From anxious moderns to anxious conservatives
One other outcome of the April 16 referendum is that in big cities voting patterns differed between city centers and its peripheries. Looking at Istanbul, I especially focused on four districts where the ruling Justice and Development Party (AK Party) is strong; all of these four municipalities are run by the AK Party.
Two of them, Üsküdar and Bayrampaşa, are at the city center; they do not receive immigration and the population is stable.
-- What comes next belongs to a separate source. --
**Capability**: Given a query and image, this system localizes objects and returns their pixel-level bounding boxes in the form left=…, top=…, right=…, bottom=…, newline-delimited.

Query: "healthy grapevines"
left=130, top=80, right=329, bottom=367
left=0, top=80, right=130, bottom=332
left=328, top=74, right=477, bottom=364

The other two are Sultangazi and Sultanbeyli, where immigration is ongoing and they can to a certain extent be regarded as slums sociologically.
The method here is to add the votes of the AK Party to the votes the opposition Nationalist Movement Party (MHP) received in these four districts in the Nov.1, 2015 general elections, and compare how this potential translated into “Yes” votes one and a half years after in the constitutional referendum.
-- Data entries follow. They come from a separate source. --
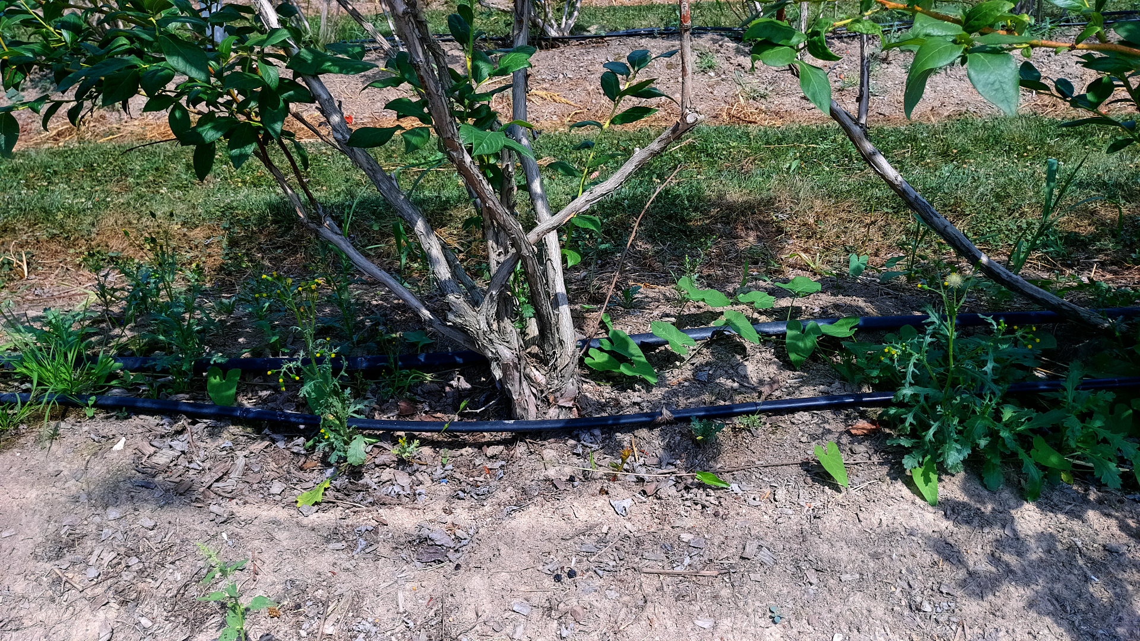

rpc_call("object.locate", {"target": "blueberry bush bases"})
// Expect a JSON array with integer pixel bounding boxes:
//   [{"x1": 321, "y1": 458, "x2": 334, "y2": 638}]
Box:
[
  {"x1": 516, "y1": 1, "x2": 590, "y2": 50},
  {"x1": 347, "y1": 179, "x2": 613, "y2": 452}
]

Sultanbeyli, on the Asian side of Istanbul, has a potential vote figure of 131,000, which is the AK Party plus the MHP votes. In this district, the “Yes” votes were 1,500 short of this figure. In this constituency, the number of voters increased by about 7,000.
From these numbers, we can conclude that the alliance succeeded; at least AK Party voters converted their choices to “Yes” votes without receiving any serious loss. The deviation of the potential on Nov. 1 converting into “Yes” votes on April 16 is around 1.1 percent.
The outcome in Sultangazi, on the European side of the city, is slightly different. The voting potential of the alliance of 198,000 votes came out 10,000 votes less, as around 188,000 “Yes” votes. The number of new voters in this district is more than 7,000. In Sultangazi, the loss of votes of the alliance when compared to the potential corresponds to 4.7 percent.
On the other hand, Üsküdar, at the heart of the city, showed a different pattern.
Despite the vote potential of the alliance being 204,000 in the Nov. 1 elections; the “Yes” votes in the referendum are quite lower, with 37,000 less, standing at 167,000. The increase in the number of voters in Üsküdar is less than 2,000. As a result, 17 percent of the AK Party and MHP alliance did not vote “Yes.” The total number of yea-sayers is even below AK Party’s 170,000 votes of Nov. 1. In this district, where the “No” votes won, there is obviously a thought-provoking situation for the AK Party.
Also in Bayrampaşa, which has completed its urbanization to a great extent and has a stable population, the vote potential of around 115,000 people on Nov. 1 has come out with 21,000 less, as 94,000 “Yes” votes. Here, the deviation of the vote potential of Nov. 1 compared to the referendum is at a rate of 18 percent.
As you can see, the separation trend of both parties from the “Yes” vote is around 1 percent and 4 percent in the peripheries of the city; while this rate goes up to 17-18 percent in central areas.
When this rate is calculated in other districts, the Fatih district - also in the center - has a high one at 16 percent. This rate is around 13 percent in Beyoğlu.
Daily Hürriyet columnist Taha Akyol defines this contradiction between the city center and the peripheries as an “undercurrent that guides the change.” According to Akyol, as you approach the city center from the edges, the community-neighborhood type of solidarity behavior based on authority or doctrine leaves its place to behaviors based on individual freedoms.
The fact that this change occurred in the urban conservative grassroots of the AK Party no doubt contains a series of both political and sociological messages.
Perhaps, after the urban modern discontents, this time we will be talking about conservative discontents.
N.B. The “discontent urban conservatives” expression was first used by daily Türkiye writer Ceren Kenar.